4. Spirochetes

Spirochetes are defined by their unique morphology (Figure 23-45) and mode of movement. Some, such as Borrelia burgdorferi and Treponema palladum, are obligate pathogens and these were discussed in Chapter 18. Others are free-living and either anaerobic or facultative and these are the focus of this section.

Spirochetes cluster together phylogentically into a large order that is distantly related to other organisms. In contrast to many other microorganisms the cellular morphology of these microbes is a good marker for their phylogeny. They can be divided into three distinct families, the Spirochaetaceae consist of the genera Borrelia, Brevinema, Cristispira, Spirochaeta, Spironema, and Treponema. The second family is the Sperpulinaceae and contains the genus Brachyspira and the third family is the Leptospiraceae consiting of the species Leptonema and Leptospira.

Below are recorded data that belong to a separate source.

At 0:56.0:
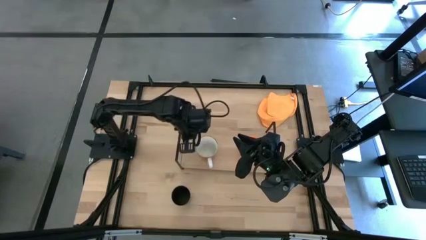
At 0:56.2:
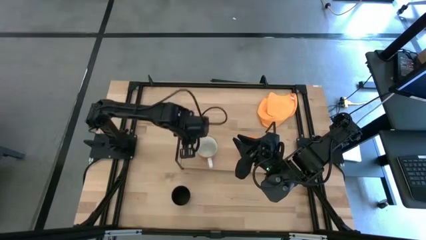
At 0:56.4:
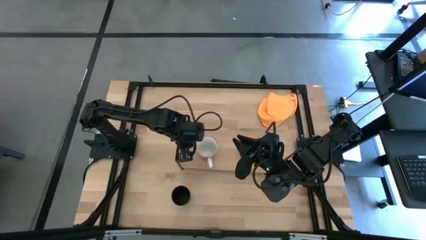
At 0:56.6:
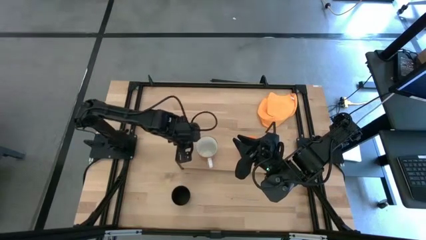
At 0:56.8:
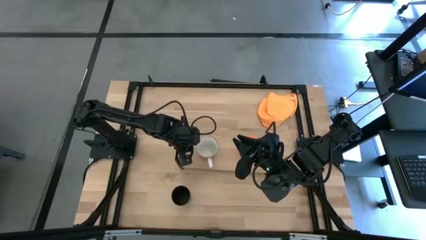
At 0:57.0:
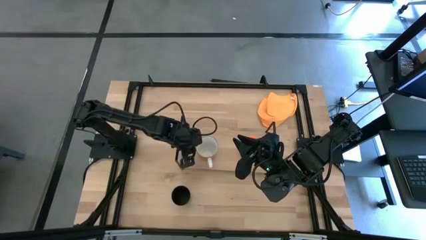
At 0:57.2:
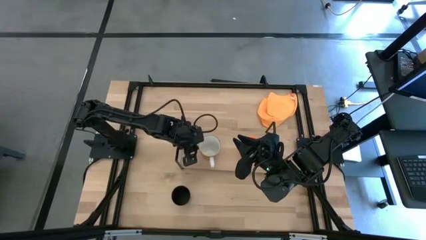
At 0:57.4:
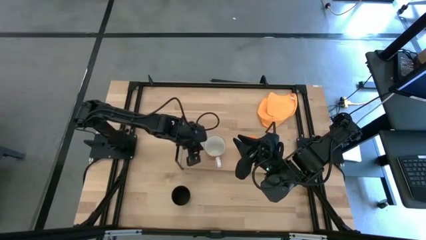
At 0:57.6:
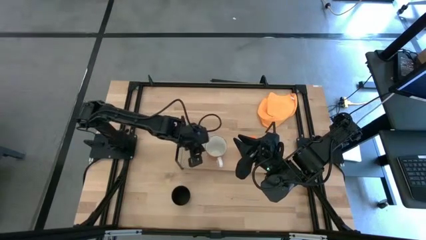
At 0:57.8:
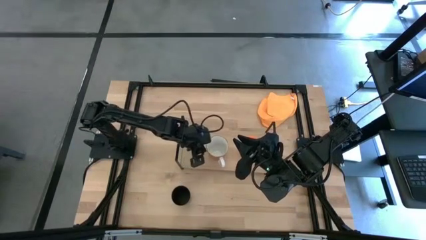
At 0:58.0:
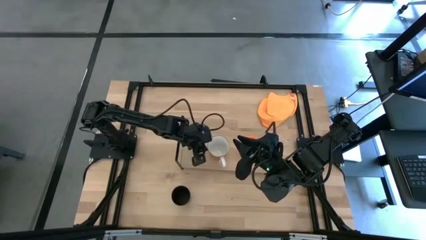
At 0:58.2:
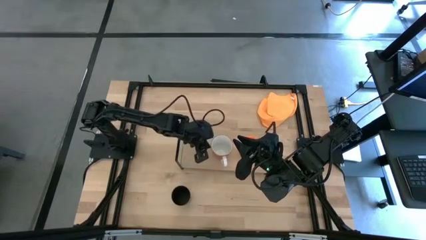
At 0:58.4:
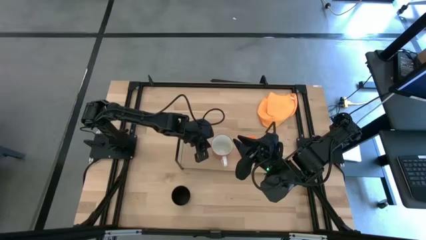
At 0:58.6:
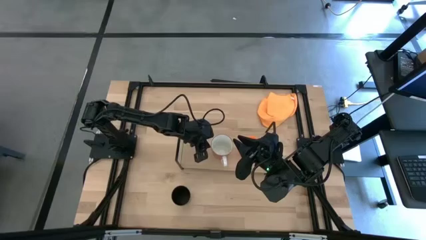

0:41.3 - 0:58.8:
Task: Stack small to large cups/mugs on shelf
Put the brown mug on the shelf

Despite their overall cell wall structure being that of gram-negative bacteria, spirochetes have a unique cell morphology. The outer member is typical of gram-negative bacteria, but the arrangement of structures inside this membrane is unique to the spirochetes. Inside of the outer membrane is a helical cell body containing the peptidoglycan-cell membrane complex, the cytoplasm and the nuclear region (Figure 23-46). The helical body wraps around a central axis that is filled by proteinaceous filaments, which resemble flagella and are called axial filaments or endoflagella. In most spirochetes the two sets of endoflagella are inserted into opposite poles of the helical cell and they overlap in the middle.

Figure 23-46 diagram showing cell morphology and axial filament construction] FIG TYPE 1L

Spirochetes are common in a wide range of aqueous environments: both marine and freshwater, high and low salt, and low to high temperatures. In general, free-living spirochetes tend to be found in environments rich in decaying plant material, where they probably ferment sugars released by the action of other microbes. There is some evidence that they even form cooperative arrangements with cellulolytic bacteria. Spirochetes are not apparently widely distributed in the deep sea, though they have been successfully isolated from some samples. Most are mesophiles, but a few species are able to grow at thermophilic temperatures. For example,Spirochaeta thermophila and Spirochaeta caldaria, both from thermal springs, have optimum growth temperatures of 67 and 50 °C, respectively.

Fig 23-45 [A few photomicrographs of the spirochetes] PHOTOS TYPE 1P

Spirochetes have a limited metabolism and can only ferment a few types of organic molecules. They ferment carbohydrates to acetate, ethanol, CO₂, and H₂ as major end products. All spirochetes so far examined use the Embden-Meyerhoff-Parnas pathway to take glucose to pyruvate. Under anaerobic conditions this is converted to acetate and ethanol using common fermentative pathways. Interestingly, the facultative anaerobes in the group use both oxidative phosphorylation and substrate level phosphorylation in the presence of air and seem to be dependent on at least some fermentation. The TCA cycle has not been detected in these microbes, and it is unclear how they get their ATP by oxidative phosphorylation.

The motility of these microorganisms is also unique and has been studied since their original isolation. Most observations have been made in Spirochaeta aurantia and Borrelia burgdorferi but due to the similarity within the group, what has been learned probably applies to other spirochetes. There are two types of motion observed, the microbe spins about its helical axis and this causes it to corkscrew through the solution. This drilling motion enables the microbe to move through liquids 10 times more viscous than can be handled by flagellated bacteria such as E. coli and Pseudomonas. This type of motility may also explain how the pathogenic spirochetes are capable of penetrating nearly every tissue of the host during growth. The second type of motion is a flexing or twitching motion, which causes the microbe to change direction. In solution the bacteria swim in nearly straight lines and then stop and either reverse rotation to move in the opposite direction or flex to reorient themselves and to swim in a new direction.

A mechanism for this motility is proposed in Figure 23-47. In this model, motors at the ends of the microbe drive rotation of the endoflagella, such that spinning the endoflagella in one direction causes the rotation of the cell body in the opposite direction. When the flagella at one end is spinning clockwise and the flagella at the other end is spinning counter-clockwise, the cell body rotates and causes straight swimming. If both flagella spin in the same direction, the forces oppose each other and cause the microbe to flex.

Figure 23-47 : Motility mechanisms of the spirochetes] FIG TYPE 1L

Chemotaxis toward various carbohydrates has been observed in Spirochaeta aurantia, as has chemotaxis toward rabbit serum in Borrelia burgdorferi. B. burgdorferi will also move away from ethanol and butanol. The genome sequence for B. burgdorferi has genes reminiscent of those that encode the chemotaxis system of E. coli, so the signaling methods might be similar.